EXERCISE MATERIALS below:

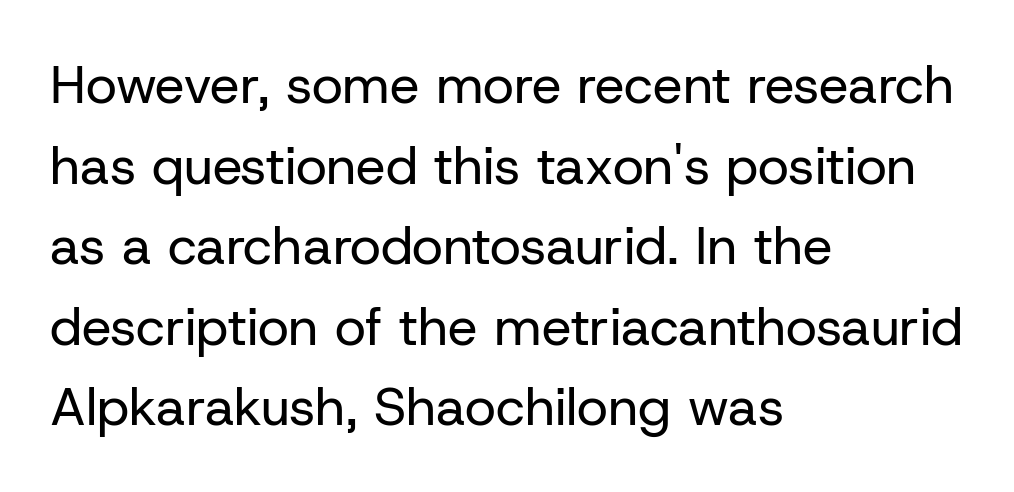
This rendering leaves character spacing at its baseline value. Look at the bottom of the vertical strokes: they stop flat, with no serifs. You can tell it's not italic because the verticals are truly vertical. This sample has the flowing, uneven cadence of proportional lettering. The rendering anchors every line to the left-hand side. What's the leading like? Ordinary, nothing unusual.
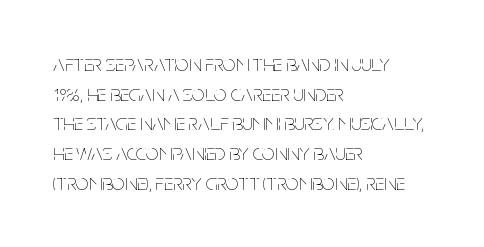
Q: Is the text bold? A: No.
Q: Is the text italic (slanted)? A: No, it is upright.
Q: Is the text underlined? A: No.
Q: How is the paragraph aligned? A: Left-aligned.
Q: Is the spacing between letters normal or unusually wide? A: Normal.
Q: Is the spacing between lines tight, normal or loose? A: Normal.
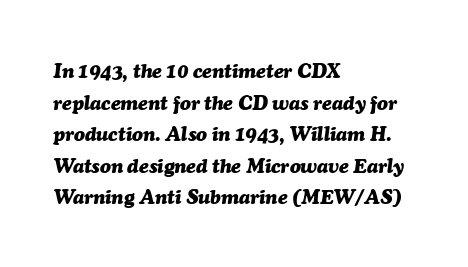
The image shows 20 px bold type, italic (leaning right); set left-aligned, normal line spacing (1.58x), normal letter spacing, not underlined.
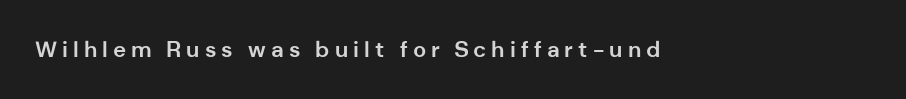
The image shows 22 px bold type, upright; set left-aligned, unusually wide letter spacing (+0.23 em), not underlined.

End of EXERCISE MATERIALS.
EXERCISE MATERIALS below:

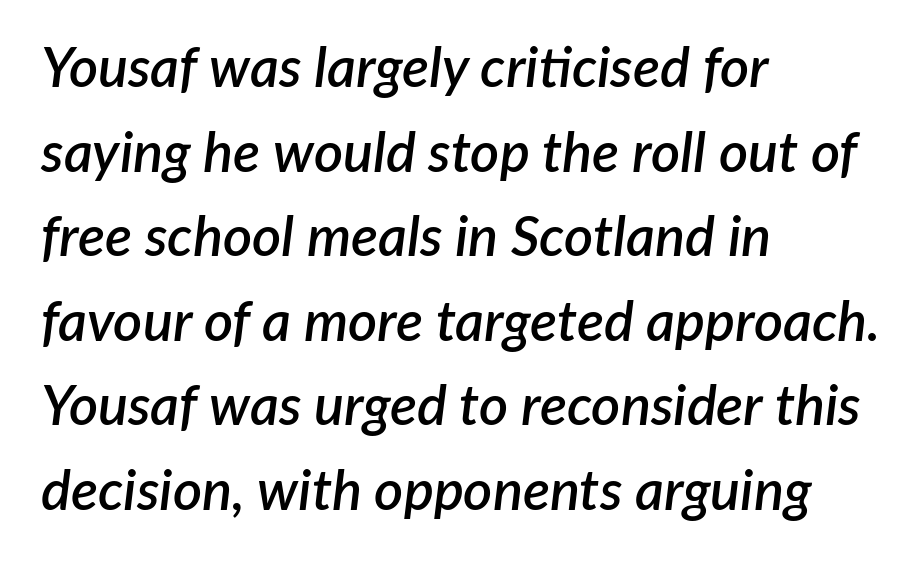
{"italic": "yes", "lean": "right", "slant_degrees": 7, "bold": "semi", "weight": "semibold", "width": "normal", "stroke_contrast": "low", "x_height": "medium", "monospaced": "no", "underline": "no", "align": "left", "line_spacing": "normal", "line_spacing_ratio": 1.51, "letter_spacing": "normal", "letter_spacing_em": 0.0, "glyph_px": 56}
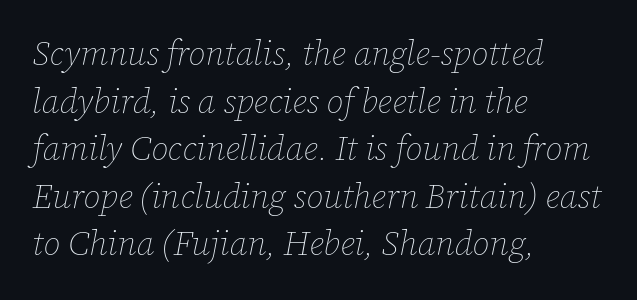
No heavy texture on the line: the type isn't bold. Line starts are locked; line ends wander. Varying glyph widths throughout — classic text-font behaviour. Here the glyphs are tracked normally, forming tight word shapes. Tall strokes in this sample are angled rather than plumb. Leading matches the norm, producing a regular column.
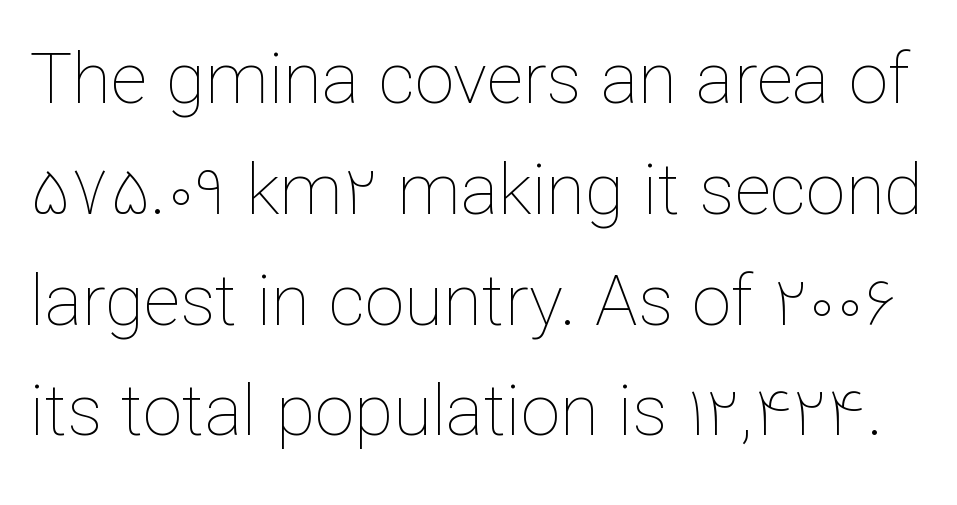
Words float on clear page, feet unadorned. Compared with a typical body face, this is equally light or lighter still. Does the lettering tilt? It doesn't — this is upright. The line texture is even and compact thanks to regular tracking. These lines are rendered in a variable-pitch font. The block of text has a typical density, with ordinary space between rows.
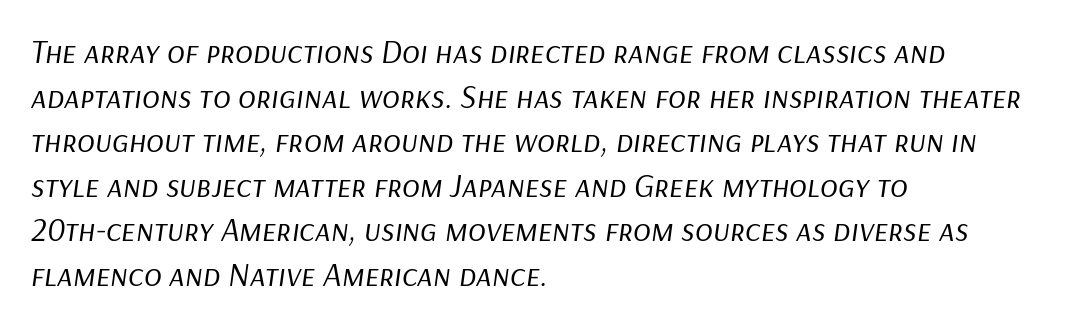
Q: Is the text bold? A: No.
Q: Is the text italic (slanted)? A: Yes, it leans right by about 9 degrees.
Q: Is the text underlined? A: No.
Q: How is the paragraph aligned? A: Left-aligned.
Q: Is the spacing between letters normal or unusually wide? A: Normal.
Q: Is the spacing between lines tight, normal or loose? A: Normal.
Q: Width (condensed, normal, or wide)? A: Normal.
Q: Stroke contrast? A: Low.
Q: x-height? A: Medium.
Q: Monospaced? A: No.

End of EXERCISE MATERIALS.

EXERCISE BRIEF:
Look above and copy only the lines from the one holding "The image shows 20" to the one holding "The image shows 22", both included, exactly, minus the pictures.

ANSWER FOR THE TASK:
The image shows 20 px bold type, italic (leaning right); set left-aligned, normal line spacing (1.58x), normal letter spacing, not underlined.
The image shows 22 px bold type, upright; set left-aligned, unusually wide letter spacing (+0.23 em), not underlined.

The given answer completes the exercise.